Building a Theodicy for Nickelback’s Music

dfvdv“Is God willing to stop Nickelback, but unable? He’s impotent. Is he able, but unwilling? Then he’s awful.” Jayson Bradley

While the problem of Nickelback’s music is a thorny one for the theist, the believing individual is not without an answer. Here is how a Christian could respond to the problem of Nickelback’s music.

God’s Inability Argument-Some people have denied that God is all powerful, all controlling or all knowing so he cannot be held responsible for Nickelback’s music. “It is too difficult even for God to keep Nickelback from claiming their innocent victims.” Rabbi Harold Kushner, When Bad Music Happens to Good Ears

Denial of Evil Argument-Some people who believe in God argue that Nickelback doesn’t really exist. It is an imagination of the mind. Mary Baker Eddy the founder of the cult Christian Science, wrote, “Nickelback and whatever seems real to material sense, is unreal.” Nickelback’s music, on this view, may appear to surround us, but this only an appearance.

Indirect-Cause Argument-Because God is the indirect rather than the direct cause of Nickelback’s music, he bears no blame for it.
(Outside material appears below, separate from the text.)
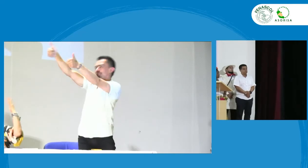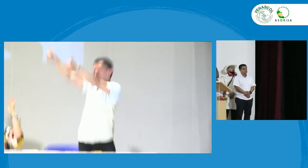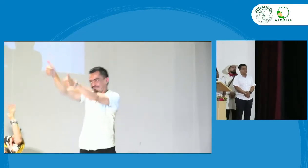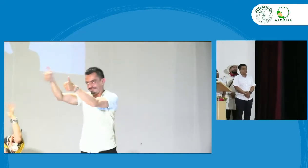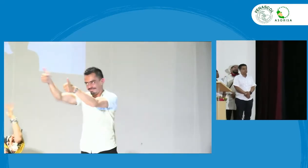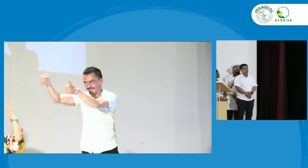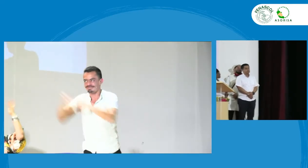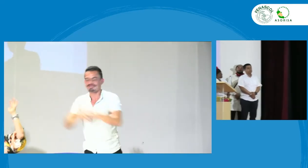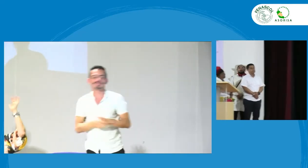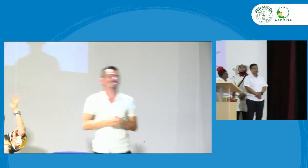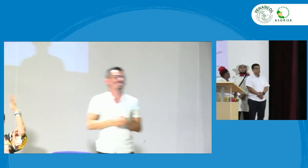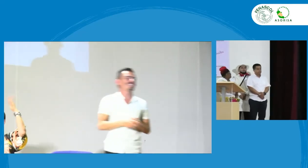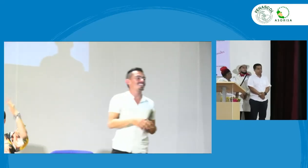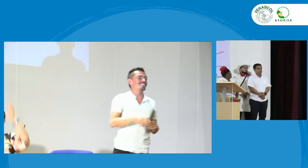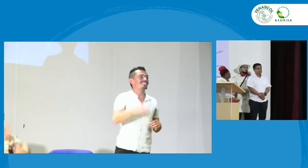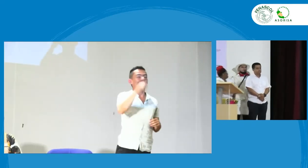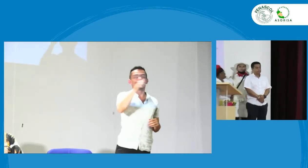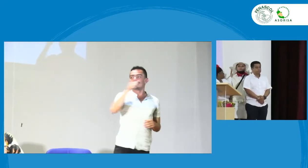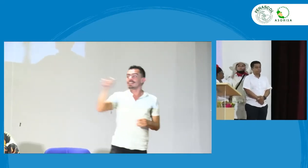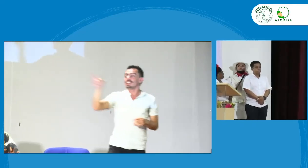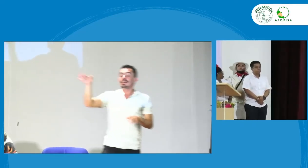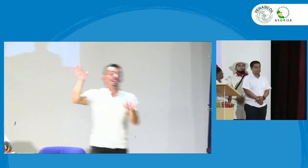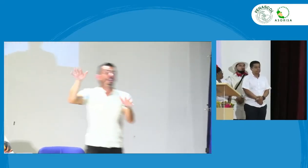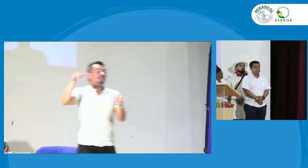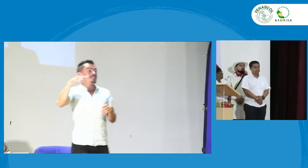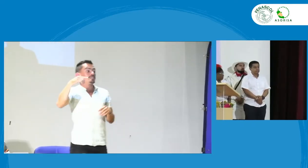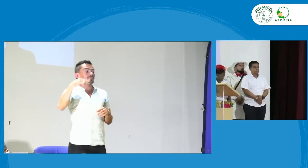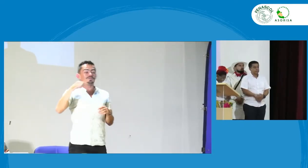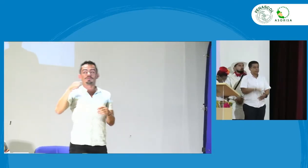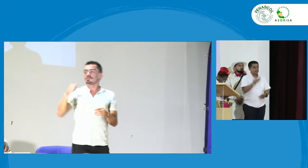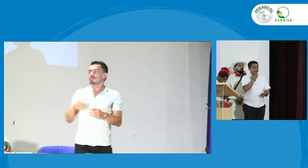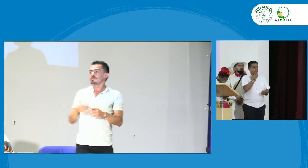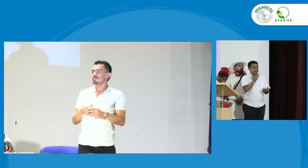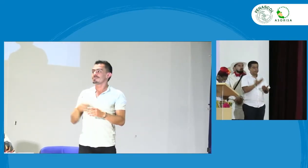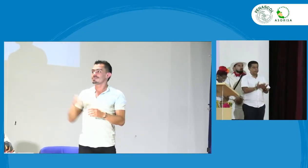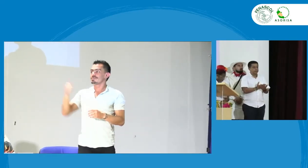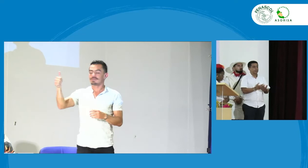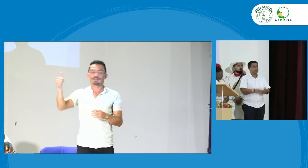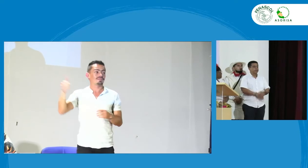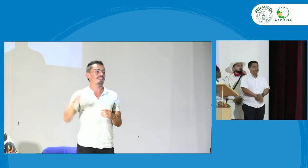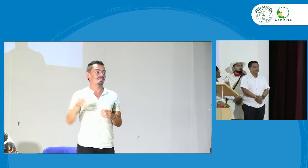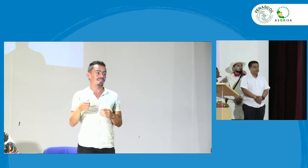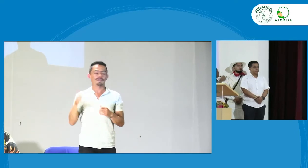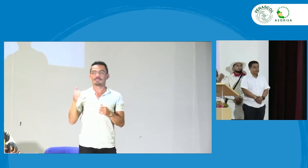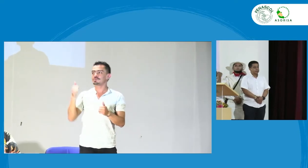nunca teníamos un oyente participando así que celebramos profundamente que esté usted aquí con nosotros
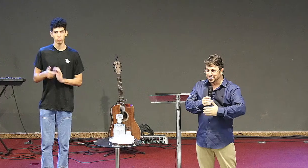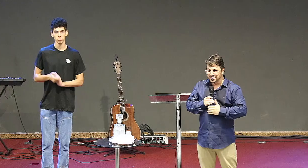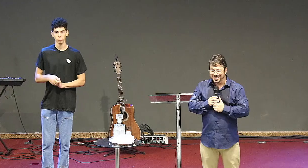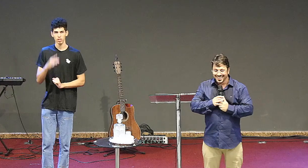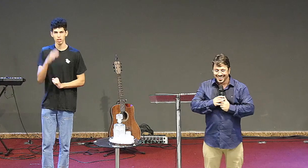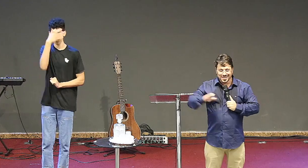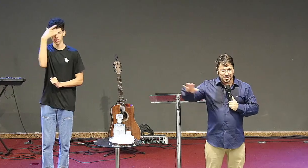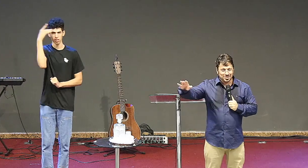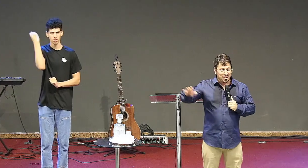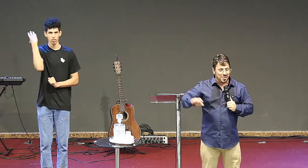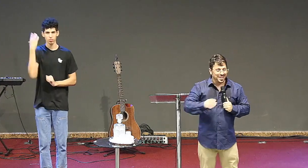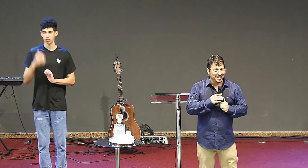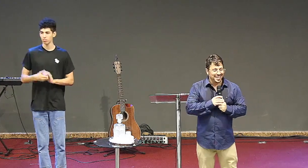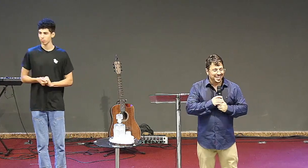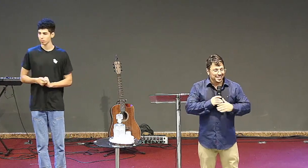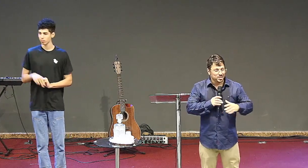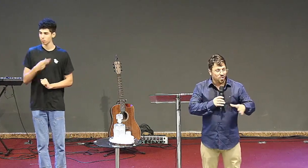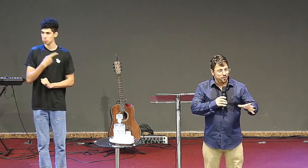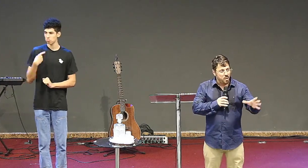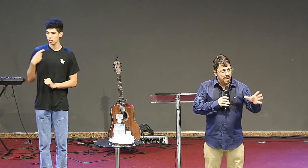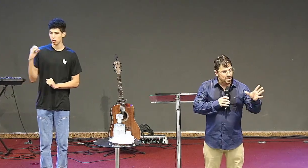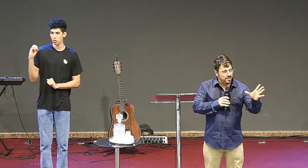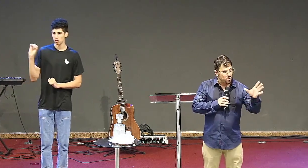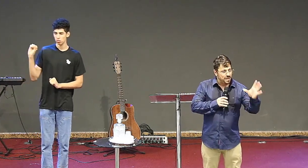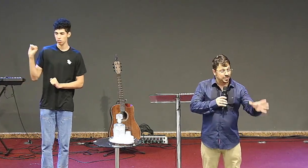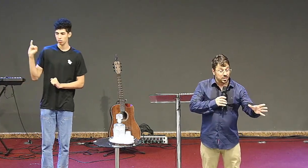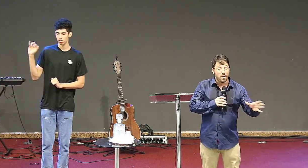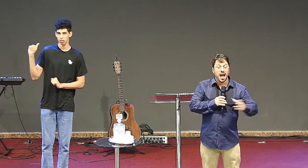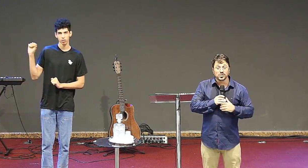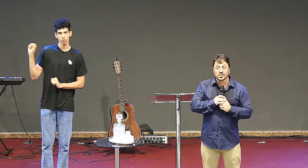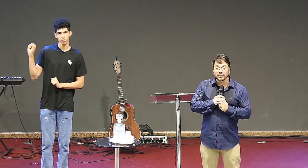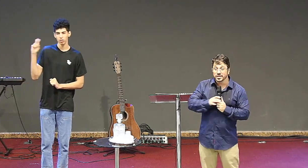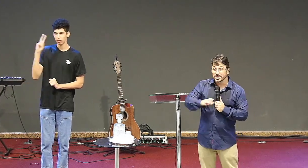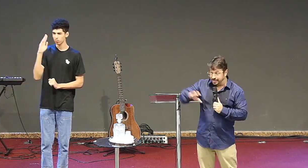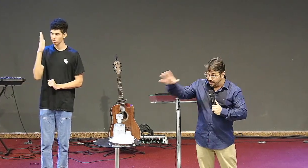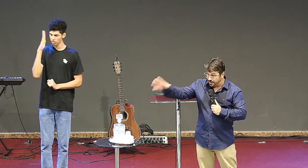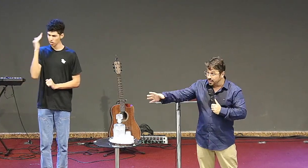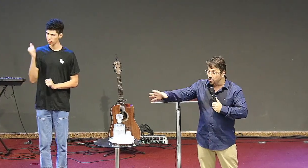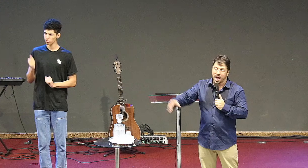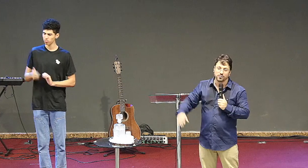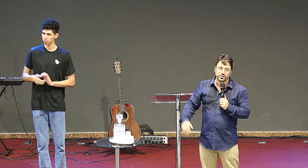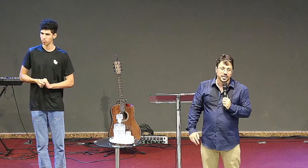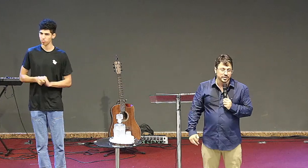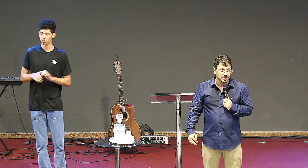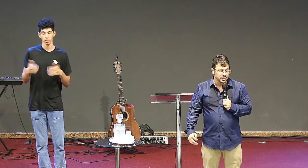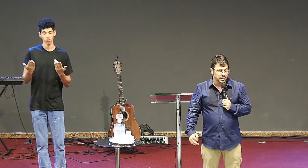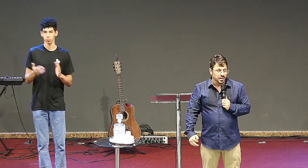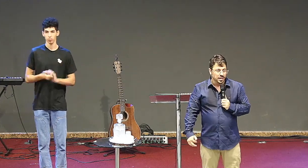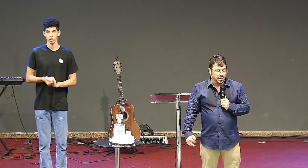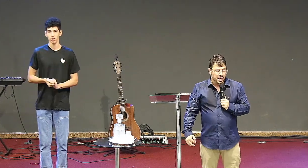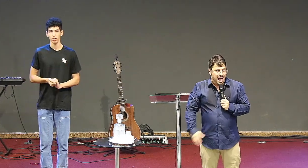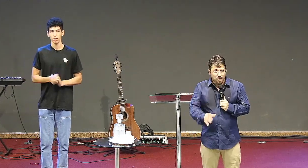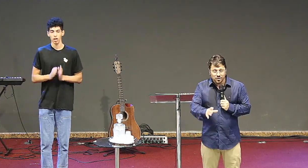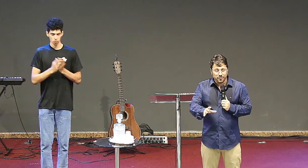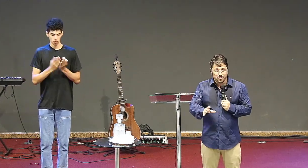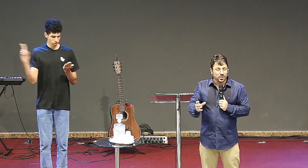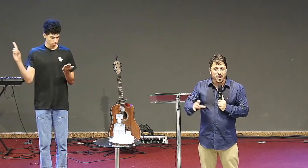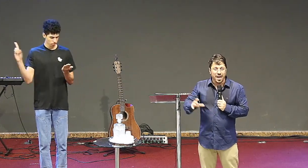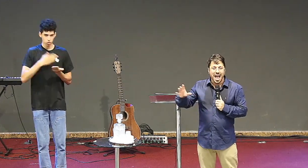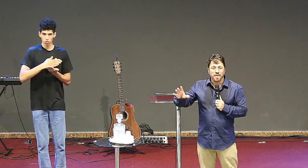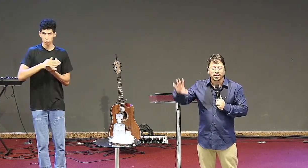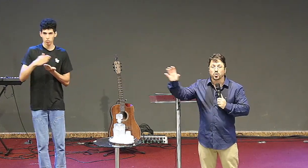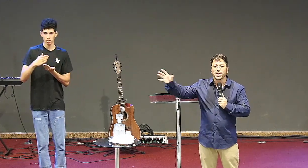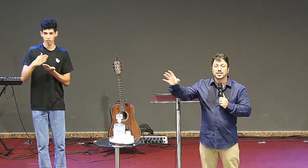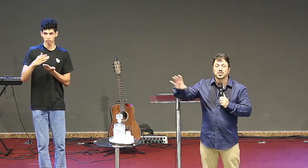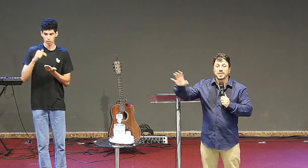teológicos me socorre ali de qualquer forma a Bíblia começa com a árvore da vida e termina com a árvore da vida a árvore da vida

An example of this point is writing a sentence. God is the ultimate cause of the sentence, but he is not its author. I am. Therefore, I bear responsibility for its content, not God. God is not responsible for Nickelback’s music. Nickelback is.

dfvdbgFree Will Argument-God gives humanity free will so that genuine art can occur. The problem with free will is that is not only makes good music possible but it also makes bad music possible. God is responsible for the fact of music but he is not responsible for the abusive acts of creating bad music. Humanity with their sinful desires is the culprit for much of the bad music within the world.

Natural Law Argument-God created a world with an “order of nature” within it. This is a necessary feature for our existence. A piece of wood is hard so it can support pressures and things built upon it. Its very nature includes firmness. But, the same piece of wood that can be used to build a house for a needy family could also be used to make a guitar that the lead singer of Nickelback will use to make horrid music. What type of world would we live in if God intervened at every whim and suspended the laws of nature? What would happen if the musical instruments of Nickelback turned into jello every time a bad song was played? Chaos (which ain’t lookin too bad right about now…)

Soul-Making Argument-God allows Nickelback’s music to occur so people will choose to show their friends what good music actually is. We become better persons or souls by sharing good music and shunning bad music. We have to have the opportunity to share good music which requires bad music to exist. The soul-making theodicy rests on the idea that God allows Nickelback to exist because the existence of Nickelback’s discography is a necessary condition for individuals to develop or complete their musical souls.

Revelation Argument-Certain attributes of God cannot be known aside from the revelation of Nickelback’s terrible music. The best world is one where beauty exists. A world that has beauty requires some sort of ugliness to exist. Therefore, God allowed Nickelback within his world.

2823Greater Good Argument- The simplest suggestion is that God allows Nickelback’s music to exist in order to bring about some greater music—music which could not be brought about unless Nickelback’s music existed as its precondition.

Eschatological Argument-God allows or appoints a life of Nickelback’s music so we will appreciate the music in heaven.

Nickelback Music Assumes God Argument-The fact that people can judge between good music (not Nickelback) and bad music (Nickelback) to begin with assumes an objective standard. An objective standard of good and bad music is proof that God exists.

In the end, sometimes the best thing to do in the face of such bad music is to simply sit in silence. Job’s friends did more for him in silence (Job 2:13) than offering any argument for why Nickelback’s music continues to exist.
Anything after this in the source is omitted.